Nexus to a Convention refugee ground

[25]           On the issue of nexus, the Applicant says the jurisprudence establishes that membership in a family can constitute membership in a social group for the purposes of refugee protection: Ndegwa v Canada (Minister of Citizenship and Immigration), 2006 FC 847 at para 9 [Ndegwa]; Al-Busaidy v Canada (Minister of Employment and Immigration) (1992), 139 NR 208 [Al-Busaidy]. She also argues that the RPD failed to provide any reasons why she had not established a nexus as a young female, which was specifically argued at the hearing.

Generalized risk finding

[26]           The Applicant argues that the RPD’s interpretation of s. 97(1)(b) on the issue of generalized risk was both incorrect and unreasonable, and in particular the Board’s finding that “the fact that the claimant was actually personally targeted by criminals for extortion does not mean that her risk was, or would be upon a return to El Salvador, not a general risk.” The Applicant says the two parts of this statement simply cannot coexist: if an individual is personally targeted, then the risk they face is no longer general. Thus, the RPD acted unreasonably in applying the generalized risk exception to her when it had accepted that she had been personally targeted: Tomlinson v Canada (Citizenship and Immigration), 2012 FC 822 [Tomlinson]; Portillo, above; Kaaker v Canada (Citizenship and Immigration), 2012 FC 1401; Petrona Quintanilla De Rivas v Canada (Minister of Citizenship and Immigration), IMM-4180-11, March 20, 2012 (FC).

[27]           The Applicant argues that it is unreasonable to turn a particularized risk into a generalized one simply because others would be subject to the same risk. The fact that others may be subjected to the same particularized risk does not change the nature of the risk faced by the Applicant: Hernandez Lopez v Canada (Citizenship and Immigration), 2013 FC 592. She quotes Balcorta Olvera v Canada (Citizenship and Immigration), 2012 FC 1048 at para 40, where Justice Shore followed Justice Gleason’s reasoning from Portillo, above:

[40]      … Firstly, it is problematic to accept that a person who has been specifically targeted faces a risk that is faced generally by other individuals. The risk of an individual who is being targeted is qualitatively different from the risk of an individual who has a strong likelihood of being targeted. As such, the former cannot be faced generally...
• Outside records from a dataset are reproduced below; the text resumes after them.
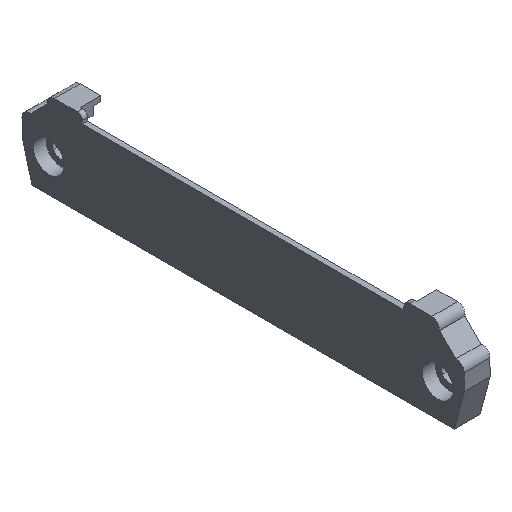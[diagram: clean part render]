
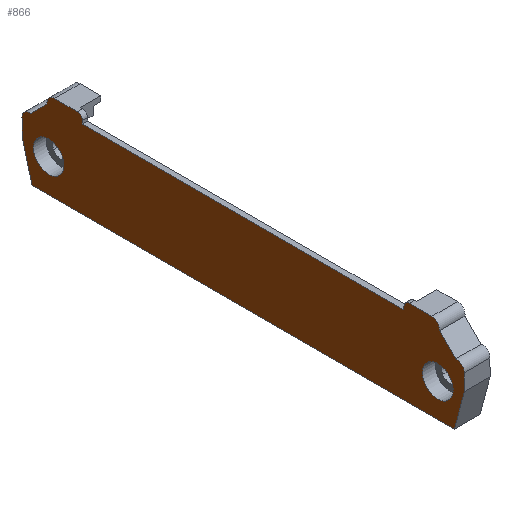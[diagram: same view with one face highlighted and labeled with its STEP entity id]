
A CAD part, isometric view. The second image highlights one B-rep face of the part: STEP entity #866.
In plain terms, the highlighted planar face has unit normal (-1, 0, 0).
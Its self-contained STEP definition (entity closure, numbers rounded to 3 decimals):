
#262=AXIS2_PLACEMENT_3D('Circle Axis2P3D',#260,#261,$) ;
#312=AXIS2_PLACEMENT_3D('Circle Axis2P3D',#310,#311,$) ;
#712=AXIS2_PLACEMENT_3D('Circle Axis2P3D',#710,#711,$) ;
#740=AXIS2_PLACEMENT_3D('Plane Axis2P3D',#737,#738,#739) ;
#753=AXIS2_PLACEMENT_3D('Circle Axis2P3D',#751,#752,$) ;
#793=AXIS2_PLACEMENT_3D('Circle Axis2P3D',#791,#792,$) ;
#807=AXIS2_PLACEMENT_3D('Circle Axis2P3D',#805,#806,$) ;
#832=AXIS2_PLACEMENT_3D('Circle Axis2P3D',#830,#831,$) ;
#841=AXIS2_PLACEMENT_3D('Circle Axis2P3D',#839,#840,$) ;
#850=AXIS2_PLACEMENT_3D('Circle Axis2P3D',#848,#849,$) ;
#859=AXIS2_PLACEMENT_3D('Circle Axis2P3D',#857,#858,$) ;
#223=CARTESIAN_POINT('Vertex',(0.,80.041,20.)) ;
#226=CARTESIAN_POINT('Line Origine',(0.,77.821,20.)) ;
#230=CARTESIAN_POINT('Vertex',(0.,75.6,20.)) ;
#257=CARTESIAN_POINT('Vertex',(0.,81.526,18.288)) ;
#260=CARTESIAN_POINT('Axis2P3D Location',(0.,80.041,18.5)) ;
#282=CARTESIAN_POINT('Vertex',(0.,84.688,15.126)) ;
#285=CARTESIAN_POINT('Line Origine',(0.,83.107,16.707)) ;
#307=CARTESIAN_POINT('Vertex',(0.,86.4,13.641)) ;
#310=CARTESIAN_POINT('Axis2P3D Location',(0.,84.9,13.641)) ;
#332=CARTESIAN_POINT('Vertex',(0.,86.4,10.432)) ;
#335=CARTESIAN_POINT('Line Origine',(0.,86.4,12.037)) ;
#357=CARTESIAN_POINT('Vertex',(0.,84.435,3.1)) ;
#360=CARTESIAN_POINT('Line Origine',(0.,85.418,6.766)) ;
#459=CARTESIAN_POINT('Vertex',(0.,1.965,3.1)) ;
#462=CARTESIAN_POINT('Line Origine',(0.,43.2,3.1)) ;
#710=CARTESIAN_POINT('Axis2P3D Location',(0.,75.6,19.)) ;
#714=CARTESIAN_POINT('Vertex',(0.,74.6,19.)) ;
#737=CARTESIAN_POINT('Axis2P3D Location',(0.,43.2,3.1)) ;
#742=CARTESIAN_POINT('Line Origine',(0.,8.579,20.)) ;
#746=CARTESIAN_POINT('Vertex',(0.,10.8,20.)) ;
#748=CARTESIAN_POINT('Vertex',(0.,6.359,20.)) ;
#751=CARTESIAN_POINT('Axis2P3D Location',(0.,10.8,19.)) ;
#755=CARTESIAN_POINT('Vertex',(0.,11.8,19.)) ;
#758=CARTESIAN_POINT('Line Origine',(0.,11.8,18.7)) ;
#762=CARTESIAN_POINT('Vertex',(0.,11.8,18.4)) ;
#765=CARTESIAN_POINT('Line Origine',(0.,43.2,18.4)) ;
#769=CARTESIAN_POINT('Vertex',(0.,74.6,18.4)) ;
#772=CARTESIAN_POINT('Line Origine',(0.,74.6,18.7)) ;
#777=CARTESIAN_POINT('Line Origine',(0.,0.982,6.766)) ;
#781=CARTESIAN_POINT('Vertex',(0.,0.,10.432)) ;
#784=CARTESIAN_POINT('Line Origine',(0.,0.,12.037)) ;
#788=CARTESIAN_POINT('Vertex',(0.,0.,13.641)) ;
#791=CARTESIAN_POINT('Axis2P3D Location',(0.,1.5,13.641)) ;
#795=CARTESIAN_POINT('Vertex',(0.,1.712,15.126)) ;
#798=CARTESIAN_POINT('Line Origine',(0.,3.293,16.707)) ;
#802=CARTESIAN_POINT('Vertex',(0.,4.874,18.288)) ;
#805=CARTESIAN_POINT('Axis2P3D Location',(0.,6.359,18.5)) ;
#830=CARTESIAN_POINT('Axis2P3D Location',(0.,81.2,9.6)) ;
#834=CARTESIAN_POINT('Vertex',(0.,78.567,8.162)) ;
#836=CARTESIAN_POINT('Vertex',(0.,83.833,11.038)) ;
#839=CARTESIAN_POINT('Axis2P3D Location',(0.,81.2,9.6)) ;
#848=CARTESIAN_POINT('Axis2P3D Location',(0.,5.2,9.6)) ;
#852=CARTESIAN_POINT('Vertex',(0.,2.567,8.162)) ;
#854=CARTESIAN_POINT('Vertex',(0.,7.833,11.038)) ;
#857=CARTESIAN_POINT('Axis2P3D Location',(0.,5.2,9.6)) ;
#227=DIRECTION('Vector Direction',(0.,1.,0.)) ;
#261=DIRECTION('Axis2P3D Direction',(1.,0.,0.)) ;
#286=DIRECTION('Vector Direction',(0.,-0.707,0.707)) ;
#311=DIRECTION('Axis2P3D Direction',(1.,0.,0.)) ;
#336=DIRECTION('Vector Direction',(0.,0.,1.)) ;
#361=DIRECTION('Vector Direction',(0.,-0.259,-0.966)) ;
#463=DIRECTION('Vector Direction',(0.,-1.,0.)) ;
#711=DIRECTION('Axis2P3D Direction',(-1.,0.,0.)) ;
#738=DIRECTION('Axis2P3D Direction',(-1.,0.,0.)) ;
#739=DIRECTION('Axis2P3D XDirection',(0.,-1.,0.)) ;
#743=DIRECTION('Vector Direction',(0.,1.,0.)) ;
#752=DIRECTION('Axis2P3D Direction',(-1.,0.,0.)) ;
#759=DIRECTION('Vector Direction',(0.,0.,-1.)) ;
#766=DIRECTION('Vector Direction',(0.,1.,0.)) ;
#773=DIRECTION('Vector Direction',(0.,0.,1.)) ;
#778=DIRECTION('Vector Direction',(0.,-0.259,0.966)) ;
#785=DIRECTION('Vector Direction',(0.,0.,1.)) ;
#792=DIRECTION('Axis2P3D Direction',(-1.,0.,0.)) ;
#799=DIRECTION('Vector Direction',(0.,-0.707,-0.707)) ;
#806=DIRECTION('Axis2P3D Direction',(-1.,0.,0.)) ;
#831=DIRECTION('Axis2P3D Direction',(-1.,0.,0.)) ;
#840=DIRECTION('Axis2P3D Direction',(-1.,0.,0.)) ;
#849=DIRECTION('Axis2P3D Direction',(-1.,0.,0.)) ;
#858=DIRECTION('Axis2P3D Direction',(-1.,0.,0.)) ;
#228=VECTOR('Line Direction',#227,1.) ;
#287=VECTOR('Line Direction',#286,1.) ;
#337=VECTOR('Line Direction',#336,1.) ;
#362=VECTOR('Line Direction',#361,1.) ;
#464=VECTOR('Line Direction',#463,1.) ;
#744=VECTOR('Line Direction',#743,1.) ;
#760=VECTOR('Line Direction',#759,1.) ;
#767=VECTOR('Line Direction',#766,1.) ;
#774=VECTOR('Line Direction',#773,1.) ;
#779=VECTOR('Line Direction',#778,1.) ;
#786=VECTOR('Line Direction',#785,1.) ;
#800=VECTOR('Line Direction',#799,1.) ;
#811=ORIENTED_EDGE('',*,*,#750,.F.) ;
#812=ORIENTED_EDGE('',*,*,#757,.T.) ;
#813=ORIENTED_EDGE('',*,*,#764,.F.) ;
#814=ORIENTED_EDGE('',*,*,#771,.T.) ;
#815=ORIENTED_EDGE('',*,*,#776,.F.) ;
#816=ORIENTED_EDGE('',*,*,#716,.T.) ;
#817=ORIENTED_EDGE('',*,*,#232,.F.) ;
#818=ORIENTED_EDGE('',*,*,#264,.T.) ;
#819=ORIENTED_EDGE('',*,*,#289,.F.) ;
#820=ORIENTED_EDGE('',*,*,#314,.T.) ;
#821=ORIENTED_EDGE('',*,*,#339,.F.) ;
#822=ORIENTED_EDGE('',*,*,#364,.T.) ;
#823=ORIENTED_EDGE('',*,*,#466,.T.) ;
#824=ORIENTED_EDGE('',*,*,#783,.T.) ;
#825=ORIENTED_EDGE('',*,*,#790,.T.) ;
#826=ORIENTED_EDGE('',*,*,#797,.T.) ;
#827=ORIENTED_EDGE('',*,*,#804,.F.) ;
#828=ORIENTED_EDGE('',*,*,#809,.T.) ;
#845=ORIENTED_EDGE('',*,*,#838,.F.) ;
#846=ORIENTED_EDGE('',*,*,#843,.F.) ;
#863=ORIENTED_EDGE('',*,*,#856,.F.) ;
#864=ORIENTED_EDGE('',*,*,#861,.F.) ;
#847=FACE_BOUND('',#844,.T.) ;
#865=FACE_BOUND('',#862,.T.) ;
#866=ADVANCED_FACE('ABSCHLUSSPLATTE',(#829,#847,#865),#741,.T.) ;
#263=CIRCLE('generated circle',#262,1.5) ;
#313=CIRCLE('generated circle',#312,1.5) ;
#713=CIRCLE('generated circle',#712,1.) ;
#754=CIRCLE('generated circle',#753,1.) ;
#794=CIRCLE('generated circle',#793,1.5) ;
#808=CIRCLE('generated circle',#807,1.5) ;
#833=CIRCLE('generated circle',#832,3.) ;
#842=CIRCLE('generated circle',#841,3.) ;
#851=CIRCLE('generated circle',#850,3.) ;
#860=CIRCLE('generated circle',#859,3.) ;
#232=EDGE_CURVE('',#224,#231,#229,.F.) ;
#264=EDGE_CURVE('',#224,#258,#263,.F.) ;
#289=EDGE_CURVE('',#283,#258,#288,.T.) ;
#314=EDGE_CURVE('',#283,#308,#313,.F.) ;
#339=EDGE_CURVE('',#333,#308,#338,.T.) ;
#364=EDGE_CURVE('',#333,#358,#363,.T.) ;
#466=EDGE_CURVE('',#358,#460,#465,.T.) ;
#716=EDGE_CURVE('',#715,#231,#713,.T.) ;
#750=EDGE_CURVE('',#747,#749,#745,.F.) ;
#757=EDGE_CURVE('',#747,#756,#754,.T.) ;
#764=EDGE_CURVE('',#763,#756,#761,.F.) ;
#771=EDGE_CURVE('',#763,#770,#768,.T.) ;
#776=EDGE_CURVE('',#715,#770,#775,.F.) ;
#783=EDGE_CURVE('',#460,#782,#780,.T.) ;
#790=EDGE_CURVE('',#782,#789,#787,.T.) ;
#797=EDGE_CURVE('',#789,#796,#794,.T.) ;
#804=EDGE_CURVE('',#803,#796,#801,.T.) ;
#809=EDGE_CURVE('',#803,#749,#808,.T.) ;
#838=EDGE_CURVE('',#835,#837,#833,.T.) ;
#843=EDGE_CURVE('',#837,#835,#842,.T.) ;
#856=EDGE_CURVE('',#853,#855,#851,.T.) ;
#861=EDGE_CURVE('',#855,#853,#860,.T.) ;
#810=EDGE_LOOP('',(#811,#812,#813,#814,#815,#816,#817,#818,#819,#820,#821,#822,#823,#824,#825,#826,#827,#828)) ;
#844=EDGE_LOOP('',(#845,#846)) ;
#862=EDGE_LOOP('',(#863,#864)) ;
#829=FACE_OUTER_BOUND('',#810,.T.) ;
#229=LINE('Line',#226,#228) ;
#288=LINE('Line',#285,#287) ;
#338=LINE('Line',#335,#337) ;
#363=LINE('Line',#360,#362) ;
#465=LINE('Line',#462,#464) ;
#745=LINE('Line',#742,#744) ;
#761=LINE('Line',#758,#760) ;
#768=LINE('Line',#765,#767) ;
#775=LINE('Line',#772,#774) ;
#780=LINE('Line',#777,#779) ;
#787=LINE('Line',#784,#786) ;
#801=LINE('Line',#798,#800) ;
#741=PLANE('',#740) ;
#224=VERTEX_POINT('',#223) ;
#231=VERTEX_POINT('',#230) ;
#258=VERTEX_POINT('',#257) ;
#283=VERTEX_POINT('',#282) ;
#308=VERTEX_POINT('',#307) ;
#333=VERTEX_POINT('',#332) ;
#358=VERTEX_POINT('',#357) ;
#460=VERTEX_POINT('',#459) ;
#715=VERTEX_POINT('',#714) ;
#747=VERTEX_POINT('',#746) ;
#749=VERTEX_POINT('',#748) ;
#756=VERTEX_POINT('',#755) ;
#763=VERTEX_POINT('',#762) ;
#770=VERTEX_POINT('',#769) ;
#782=VERTEX_POINT('',#781) ;
#789=VERTEX_POINT('',#788) ;
#796=VERTEX_POINT('',#795) ;
#803=VERTEX_POINT('',#802) ;
#835=VERTEX_POINT('',#834) ;
#837=VERTEX_POINT('',#836) ;
#853=VERTEX_POINT('',#852) ;
#855=VERTEX_POINT('',#854) ;

[28]           If the Board’s finding is correct, the Applicant argues, it is unlikely that there would ever be a situation in which s. 97(1) would provide protection for crime-related risks, contrary to the Court’s direction in Vaquerano Lovato v Canada (Citizenship and Immigration), 2012 FC 143 [Vaquerano Lovato] that:

[14]      As noted in Vivero, section 97 must not be interpreted in a manner that strips it of any content or meaning. If any risk created by “criminal activity” is always considered a general risk, it is hard to fathom a scenario in which the requirements of section 97 would ever be met. Instead of focusing on whether the risk is created by criminal activity, the Board must direct its attention to the question before it: whether the claimant would face a personal risk to his or her life or a risk of cruel and unusual treatment or punishment, and whether that risk is one not faced generally by other individuals in or from the country. Because the Board failed to properly undertake this inquiry in this case, the decision must be set aside.
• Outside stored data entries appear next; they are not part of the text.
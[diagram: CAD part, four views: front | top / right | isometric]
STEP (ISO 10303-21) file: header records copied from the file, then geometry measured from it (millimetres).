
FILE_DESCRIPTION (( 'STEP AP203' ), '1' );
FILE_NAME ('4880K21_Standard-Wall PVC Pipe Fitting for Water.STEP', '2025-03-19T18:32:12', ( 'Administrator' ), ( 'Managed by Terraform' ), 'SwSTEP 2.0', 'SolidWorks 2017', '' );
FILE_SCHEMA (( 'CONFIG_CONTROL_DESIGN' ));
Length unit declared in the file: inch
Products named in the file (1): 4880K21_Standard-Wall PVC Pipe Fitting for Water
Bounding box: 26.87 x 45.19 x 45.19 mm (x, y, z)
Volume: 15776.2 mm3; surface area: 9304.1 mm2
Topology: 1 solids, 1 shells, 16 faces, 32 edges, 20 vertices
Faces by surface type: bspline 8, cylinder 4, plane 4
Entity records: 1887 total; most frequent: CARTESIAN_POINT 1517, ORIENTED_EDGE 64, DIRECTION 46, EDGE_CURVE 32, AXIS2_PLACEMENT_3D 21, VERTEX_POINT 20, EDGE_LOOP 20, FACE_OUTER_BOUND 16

[29]           The Applicant says the RPD in this case misunderstood the requirements of s. 97(1), and erred by focusing on the reasons for the persecution, which are not at issue under s. 97(1). The mere existence of personalized risk should be enough to secure protection under that provision. The issue is not why the Applicant was targeted, but how she was targeted.

[30]           The Applicant argues that the issue of whether a risk is generalized is not determined by the fact that the Maras target the population generally, but by the fact that she was personally targeted. The Board had a duty to carry out an individual inquiry regarding her forward-looking risk, and failed to do so: Prophète v Canada (Citizenship and Immigration), 2009 FCA 31 [Prophète FCA]; Martinez Pineda v Canada (Minister of Citizenship and Immigration), 2007 FC 365 [Martinez Pineda]; Vaquerano Lovato, above. The generalized risk exclusion should apply only in extreme situations such as a general disaster, the Applicant argues, and is therefore not applicable here: Surajnarain v Canada (Citizenship and Immigration), 2008 FC 1165.
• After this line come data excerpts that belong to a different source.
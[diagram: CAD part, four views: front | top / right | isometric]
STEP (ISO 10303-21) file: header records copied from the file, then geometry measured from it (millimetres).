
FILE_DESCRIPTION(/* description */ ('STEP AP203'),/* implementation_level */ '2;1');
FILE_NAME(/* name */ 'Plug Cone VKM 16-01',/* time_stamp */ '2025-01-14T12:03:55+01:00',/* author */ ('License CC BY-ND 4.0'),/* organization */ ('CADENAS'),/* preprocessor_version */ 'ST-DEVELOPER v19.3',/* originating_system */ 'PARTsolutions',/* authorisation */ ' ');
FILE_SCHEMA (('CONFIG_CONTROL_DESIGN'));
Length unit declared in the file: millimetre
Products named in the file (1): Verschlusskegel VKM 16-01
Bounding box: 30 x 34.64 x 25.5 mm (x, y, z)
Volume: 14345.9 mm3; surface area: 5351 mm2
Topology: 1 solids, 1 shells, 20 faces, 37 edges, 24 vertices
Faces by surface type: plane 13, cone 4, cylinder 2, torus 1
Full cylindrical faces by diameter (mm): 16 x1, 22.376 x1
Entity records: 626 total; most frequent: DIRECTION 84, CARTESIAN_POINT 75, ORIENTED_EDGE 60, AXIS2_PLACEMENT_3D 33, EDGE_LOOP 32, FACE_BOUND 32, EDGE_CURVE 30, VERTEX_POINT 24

[31]           The Applicant says that an applicant who has been specifically targeted and subjected to repeated threats and attacks is subjected to a greater risk than that faced by the population in general and is entitled to s. 97 protection: Aguilar Zacarias v Canada (Citizenship and Immigration), 2011 FC 62; Martinez Pineda, above. The same is true of persons specifically and personally targeted for death by a gang in circumstances where others generally are not: Guerrero v Canada (Citizenship and Immigration), 2011 FC 1210; Ponce Uribe v Canada (Citizenship and Immigration), 2011 FC 1164.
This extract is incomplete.